So what happens if someone tries to go to that page on your old site? They will hit an error page AKA 404 “Not Found” page. 

This is no bueno. In my somewhat-biased opinion whether this gets remedied or not can be a clue as to whether a developer is good or great.

So Why Redirect Defunct Pages?

If we don’t there are two primary negative effects:

1) The domain now has a bunch of 404 errors which Google keeps track of and will not see that as a good sign. Those null pages also may have had some trust/authority in Google’s eyes that get lost if they go nowhere. Even if these all just redirect to the homepage that is better than nothing.

2) Broken user pathways. So if someone had a page bookmarked or had emailed it to a friend, that link is now broken. Additionally there may be old marketing materials that link to it or other vendor / partner sites that linked to them.

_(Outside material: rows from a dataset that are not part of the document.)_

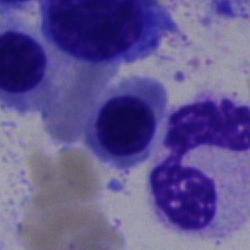
{"cell_type": "nucleated red blood cell", "lineage": "erythroid"}
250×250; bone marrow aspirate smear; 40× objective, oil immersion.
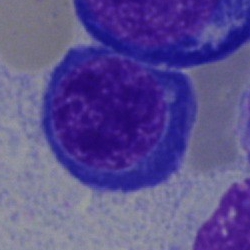Morphology consistent with a nucleated red cell.

404-error-page-lost-visitors

How do you know which pages are broken?

1) Do a search in Google for site:limecuda.com but replace limecuda.com with your domain name. This will show the pages Google has indexed for your domain. As a post-launch practice I will usually do that search and open up each result and create redirects for any URLs I missed that result in errors.

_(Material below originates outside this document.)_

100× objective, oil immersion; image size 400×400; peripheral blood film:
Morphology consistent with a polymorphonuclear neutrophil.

2) If you have your site verified in Google Webmaster Tools it will show you Error pages that it has found. This is a good thing to look at from time-to-time to try and keep that number near zero.

gwt gwt-error

When you have fixed an error reported by GWT make sure to click “Mark as Fixed”.

3) Another option is to use Google Analytics. If you go to Behavior>>Site Content>>All Pages and do a search for 404 it might show you some pages people have hit that didn’t exist.

4) Not necesarily even a broken page on your site but using  brokenlinkcheck.com to scan your site may be another way to find error page and/or broken links.

5) Before ditching an old site we  create a list of all its pages. This tool, https://www.xml-sitemaps.com/ can scan your site and return a list of its pages. Use this option: “Download Sitemap in Text Format”

How to Remedy?

There are a number of methods for redirecting these but they all have in common that they need to be the 301 (Permanent) type of redirect.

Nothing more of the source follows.